Copy each entry below verbatim. Skip the pictures.

(Records drawn from a dataset)
########################################

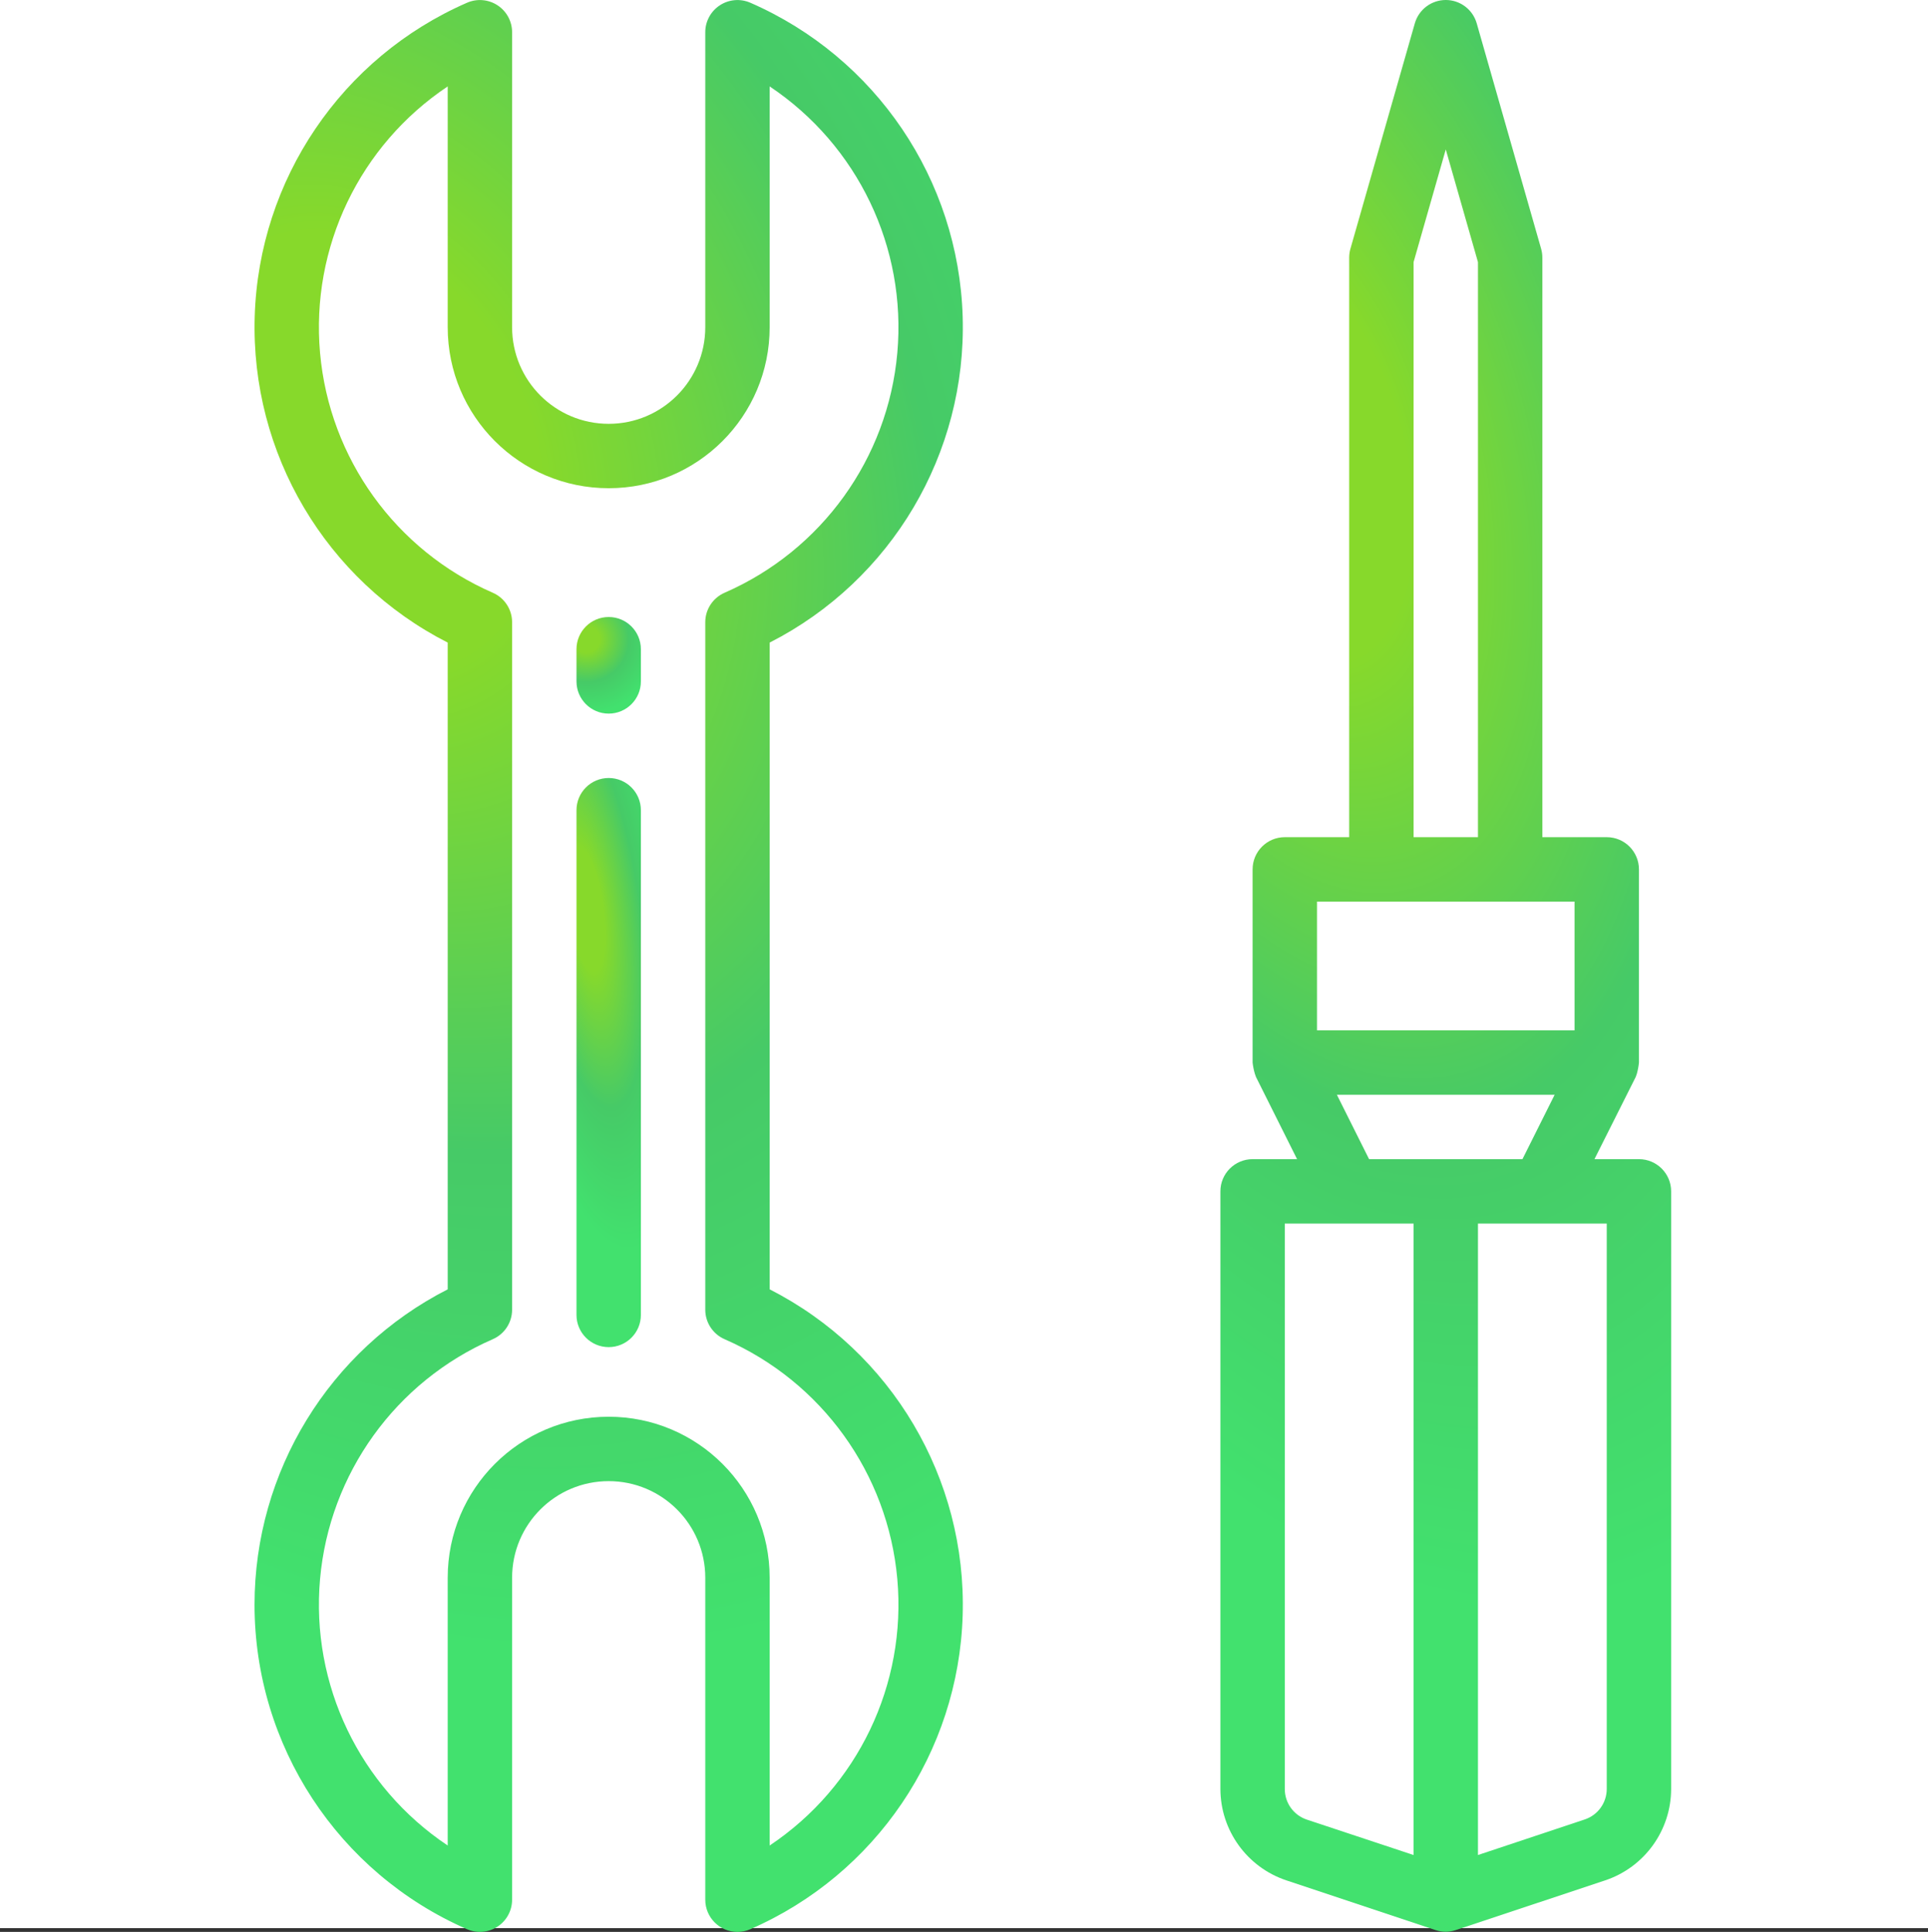 <svg width="512" height="513" viewBox="0 0 512 513" fill="none" xmlns="http://www.w3.org/2000/svg">
<rect x="0" y="0" width="512" height="513" fill="#333333" stroke="none"/>
<rect width="512" height="512" fill="white"/>
<path d="M161.642 357.717C166.363 357.717 170.192 353.888 170.192 349.167V215.141C170.192 210.419 166.363 206.591 161.642 206.591C156.92 206.591 153.092 210.419 153.092 215.141V349.167C153.092 353.888 156.92 357.717 161.642 357.717Z" fill="url(#paint0_radial_504_469)"/>
<path d="M161.642 189.492C166.363 189.492 170.192 185.663 170.192 180.942V172.392C170.192 167.67 166.363 163.842 161.642 163.842C156.92 163.842 153.092 167.67 153.092 172.392V180.942C153.092 185.663 156.92 189.492 161.642 189.492Z" fill="url(#paint1_radial_504_469)"/>
<path d="M67.594 426.116C67.606 463.5 89.757 497.328 124.024 512.282C126.666 513.434 129.71 513.18 132.123 511.602C134.536 510.024 135.993 507.335 135.993 504.45V418.952C135.993 404.787 147.477 393.302 161.642 393.302C175.807 393.302 187.292 404.787 187.292 418.952V504.45C187.292 509.172 191.12 513 195.842 513C197.019 513.004 198.184 512.758 199.261 512.282C232.592 497.746 254.547 465.295 255.645 428.95C256.743 392.609 236.783 358.89 204.392 342.37V170.638C236.783 154.119 256.743 120.399 255.645 84.058C254.547 47.713 232.592 15.263 199.261 0.726C196.618 -0.426 193.575 -0.171 191.162 1.407C188.749 2.985 187.292 5.673 187.292 8.558V86.893C187.292 101.058 175.807 112.543 161.642 112.543C147.477 112.543 135.993 101.058 135.993 86.893V8.558C135.993 5.673 134.536 2.985 132.123 1.407C129.71 -0.171 126.666 -0.426 124.024 0.726C90.693 15.263 68.738 47.713 67.64 84.058C66.542 120.399 86.501 154.119 118.893 170.638V342.37C87.42 358.43 67.602 390.781 67.594 426.116V426.116ZM130.862 157.396C105.079 146.153 87.491 121.735 84.994 93.723C82.502 65.706 95.502 38.566 118.893 22.948V86.893C118.893 110.501 138.034 129.642 161.642 129.642C185.25 129.642 204.392 110.501 204.392 86.893V22.948C227.783 38.566 240.783 65.706 238.29 93.723C235.794 121.735 218.206 146.153 192.423 157.396C189.308 158.753 187.292 161.83 187.292 165.224V347.781C187.292 351.179 189.308 354.256 192.423 355.613C218.206 366.851 235.794 391.273 238.29 419.286C240.783 447.302 227.783 474.442 204.392 490.06V418.952C204.392 395.344 185.25 376.202 161.642 376.202C138.034 376.202 118.893 395.344 118.893 418.952V490.06C95.502 474.442 82.502 447.302 84.994 419.286C87.491 391.273 105.079 366.851 130.862 355.613C133.976 354.256 135.993 351.179 135.993 347.781V165.224C135.993 161.83 133.976 158.753 130.862 157.396V157.396Z" fill="url(#paint2_radial_504_469)"/>
<path d="M324.09 316.353V475.031C324.107 486.052 331.166 495.834 341.624 499.32L381.238 512.52C382.966 513.105 384.841 513.105 386.573 512.52L426.254 499.32C436.712 495.834 443.771 486.052 443.788 475.031V316.353C443.788 311.632 439.96 307.803 435.238 307.803H423.424L434.382 285.974C434.432 285.874 434.445 285.761 434.495 285.661C434.545 285.556 434.612 285.285 434.691 285.093C434.954 284.133 435.138 283.147 435.238 282.154V230.855C435.238 226.133 431.41 222.305 426.688 222.305H409.588V68.407C409.588 67.614 409.48 66.825 409.263 66.065L392.163 6.216C391.119 2.538 387.763 0 383.939 0C380.115 0 376.758 2.538 375.715 6.216L358.615 66.065C358.398 66.825 358.289 67.614 358.289 68.407V222.305H341.19C336.468 222.305 332.64 226.133 332.64 230.855V282.154C332.752 283.147 332.949 284.133 333.228 285.093C333.308 285.285 333.349 285.481 333.425 285.661C333.504 285.84 333.487 285.874 333.537 285.974L344.454 307.803H332.64C327.918 307.803 324.09 311.632 324.09 316.353V316.353ZM426.688 475.031C426.688 478.713 424.334 481.982 420.839 483.142L392.489 492.582V324.903H426.688V475.031ZM375.389 69.605L383.939 39.681L392.489 69.605V222.305H375.389V69.605ZM349.739 239.405H418.138V273.604H349.739V239.405ZM355.025 290.704H412.853L404.303 307.803H363.575L355.025 290.704ZM341.19 324.903H375.389V492.582L347.038 483.18C343.532 482.011 341.173 478.726 341.19 475.031V324.903Z" fill="url(#paint3_radial_504_469)"/>
<defs>
<radialGradient id="paint0_radial_504_469" cx="0" cy="0" r="1" gradientUnits="userSpaceOnUse" gradientTransform="translate(155.714 241.487) rotate(82.341) scale(91.214 24.456)">
<stop offset="0.182" stop-color="#87D92B"/>
<stop offset="0.583" stop-color="#46CA67"/>
<stop offset="1" stop-color="#42E16E"/>
</radialGradient>
<radialGradient id="paint1_radial_504_469" cx="0" cy="0" r="1" gradientUnits="userSpaceOnUse" gradientTransform="translate(155.714 169.765) rotate(51.61) scale(19.576 19.341)">
<stop offset="0.182" stop-color="#87D92B"/>
<stop offset="0.583" stop-color="#46CA67"/>
<stop offset="1" stop-color="#42E16E"/>
</radialGradient>
<radialGradient id="paint2_radial_504_469" cx="0" cy="0" r="1" gradientUnits="userSpaceOnUse" gradientTransform="translate(96.438 118.466) rotate(66.454) scale(334.729 248.832)">
<stop offset="0.182" stop-color="#87D92B"/>
<stop offset="0.583" stop-color="#46CA67"/>
<stop offset="1" stop-color="#42E16E"/>
</radialGradient>
<radialGradient id="paint3_radial_504_469" cx="0" cy="0" r="1" gradientUnits="userSpaceOnUse" gradientTransform="translate(342.446 118.447) rotate(74.5) scale(318.423 166.45)">
<stop offset="0.182" stop-color="#87D92B"/>
<stop offset="0.583" stop-color="#46CA67"/>
<stop offset="1" stop-color="#42E16E"/>
</radialGradient>
</defs>
</svg>

########################################

*Answer to this problem*
 <svg width="512" height="513" viewBox="0 0 512 513" fill="none" xmlns="http://www.w3.org/2000/svg">
<rect x="0" y="0" width="512" height="513" fill="#333333" stroke="none"/>
<rect width="512" height="512" fill="white"/>
<path d="M161.642 357.717C166.363 357.717 170.192 353.888 170.192 349.167V215.141C170.192 210.419 166.363 206.591 161.642 206.591C156.92 206.591 153.092 210.419 153.092 215.141V349.167C153.092 353.888 156.92 357.717 161.642 357.717Z" fill="url(#paint0_radial_504_469)"/>
<path d="M161.642 189.492C166.363 189.492 170.192 185.663 170.192 180.942V172.392C170.192 167.67 166.363 163.842 161.642 163.842C156.92 163.842 153.092 167.67 153.092 172.392V180.942C153.092 185.663 156.92 189.492 161.642 189.492Z" fill="url(#paint1_radial_504_469)"/>
<path d="M67.594 426.116C67.606 463.5 89.757 497.328 124.024 512.282C126.666 513.434 129.71 513.18 132.123 511.602C134.536 510.024 135.993 507.335 135.993 504.45V418.952C135.993 404.787 147.477 393.302 161.642 393.302C175.807 393.302 187.292 404.787 187.292 418.952V504.45C187.292 509.172 191.12 513 195.842 513C197.019 513.004 198.184 512.758 199.261 512.282C232.592 497.746 254.547 465.295 255.645 428.95C256.743 392.609 236.783 358.89 204.392 342.37V170.638C236.783 154.119 256.743 120.399 255.645 84.058C254.547 47.713 232.592 15.263 199.261 0.726C196.618 -0.426 193.575 -0.171 191.162 1.407C188.749 2.985 187.292 5.673 187.292 8.558V86.893C187.292 101.058 175.807 112.543 161.642 112.543C147.477 112.543 135.993 101.058 135.993 86.893V8.558C135.993 5.673 134.536 2.985 132.123 1.407C129.71 -0.171 126.666 -0.426 124.024 0.726C90.693 15.263 68.738 47.713 67.64 84.058C66.542 120.399 86.501 154.119 118.893 170.638V342.37C87.42 358.43 67.602 390.781 67.594 426.116V426.116ZM130.862 157.396C105.079 146.153 87.491 121.735 84.994 93.723C82.502 65.706 95.502 38.566 118.893 22.948V86.893C118.893 110.501 138.034 129.642 161.642 129.642C185.25 129.642 204.392 110.501 204.392 86.893V22.948C227.783 38.566 240.783 65.706 238.29 93.723C235.794 121.735 218.206 146.153 192.423 157.396C189.308 158.753 187.292 161.83 187.292 165.224V347.781C187.292 351.179 189.308 354.256 192.423 355.613C218.206 366.851 235.794 391.273 238.29 419.286C240.783 447.302 227.783 474.442 204.392 490.06V418.952C204.392 395.344 185.25 376.202 161.642 376.202C138.034 376.202 118.893 395.344 118.893 418.952V490.06C95.502 474.442 82.502 447.302 84.994 419.286C87.491 391.273 105.079 366.851 130.862 355.613C133.976 354.256 135.993 351.179 135.993 347.781V165.224C135.993 161.83 133.976 158.753 130.862 157.396V157.396Z" fill="url(#paint2_radial_504_469)"/>
<path d="M324.09 316.353V475.031C324.107 486.052 331.166 495.834 341.624 499.32L381.238 512.52C382.966 513.105 384.841 513.105 386.573 512.52L426.254 499.32C436.712 495.834 443.771 486.052 443.788 475.031V316.353C443.788 311.632 439.96 307.803 435.238 307.803H423.424L434.382 285.974C434.432 285.874 434.445 285.761 434.495 285.661C434.545 285.556 434.612 285.285 434.691 285.093C434.954 284.133 435.138 283.147 435.238 282.154V230.855C435.238 226.133 431.41 222.305 426.688 222.305H409.588V68.407C409.588 67.614 409.48 66.825 409.263 66.065L392.163 6.216C391.119 2.538 387.763 0 383.939 0C380.115 0 376.758 2.538 375.715 6.216L358.615 66.065C358.398 66.825 358.289 67.614 358.289 68.407V222.305H341.19C336.468 222.305 332.64 226.133 332.64 230.855V282.154C332.752 283.147 332.949 284.133 333.228 285.093C333.308 285.285 333.349 285.481 333.425 285.661C333.504 285.84 333.487 285.874 333.537 285.974L344.454 307.803H332.64C327.918 307.803 324.09 311.632 324.09 316.353V316.353ZM426.688 475.031C426.688 478.713 424.334 481.982 420.839 483.142L392.489 492.582V324.903H426.688V475.031ZM375.389 69.605L383.939 39.681L392.489 69.605V222.305H375.389V69.605ZM349.739 239.405H418.138V273.604H349.739V239.405ZM355.025 290.704H412.853L404.303 307.803H363.575L355.025 290.704ZM341.19 324.903H375.389V492.582L347.038 483.18C343.532 482.011 341.173 478.726 341.19 475.031V324.903Z" fill="url(#paint3_radial_504_469)"/>
<defs>
<radialGradient id="paint0_radial_504_469" cx="0" cy="0" r="1" gradientUnits="userSpaceOnUse" gradientTransform="translate(155.714 241.487) rotate(82.341) scale(91.214 24.456)">
<stop offset="0.182" stop-color="#87D92B"/>
<stop offset="0.583" stop-color="#46CA67"/>
<stop offset="1" stop-color="#42E16E"/>
</radialGradient>
<radialGradient id="paint1_radial_504_469" cx="0" cy="0" r="1" gradientUnits="userSpaceOnUse" gradientTransform="translate(155.714 169.765) rotate(51.61) scale(19.576 19.341)">
<stop offset="0.182" stop-color="#87D92B"/>
<stop offset="0.583" stop-color="#46CA67"/>
<stop offset="1" stop-color="#42E16E"/>
</radialGradient>
<radialGradient id="paint2_radial_504_469" cx="0" cy="0" r="1" gradientUnits="userSpaceOnUse" gradientTransform="translate(96.438 118.466) rotate(66.454) scale(334.729 248.832)">
<stop offset="0.182" stop-color="#87D92B"/>
<stop offset="0.583" stop-color="#46CA67"/>
<stop offset="1" stop-color="#42E16E"/>
</radialGradient>
<radialGradient id="paint3_radial_504_469" cx="0" cy="0" r="1" gradientUnits="userSpaceOnUse" gradientTransform="translate(342.446 118.447) rotate(74.5) scale(318.423 166.45)">
<stop offset="0.182" stop-color="#87D92B"/>
<stop offset="0.583" stop-color="#46CA67"/>
<stop offset="1" stop-color="#42E16E"/>
</radialGradient>
</defs>
</svg>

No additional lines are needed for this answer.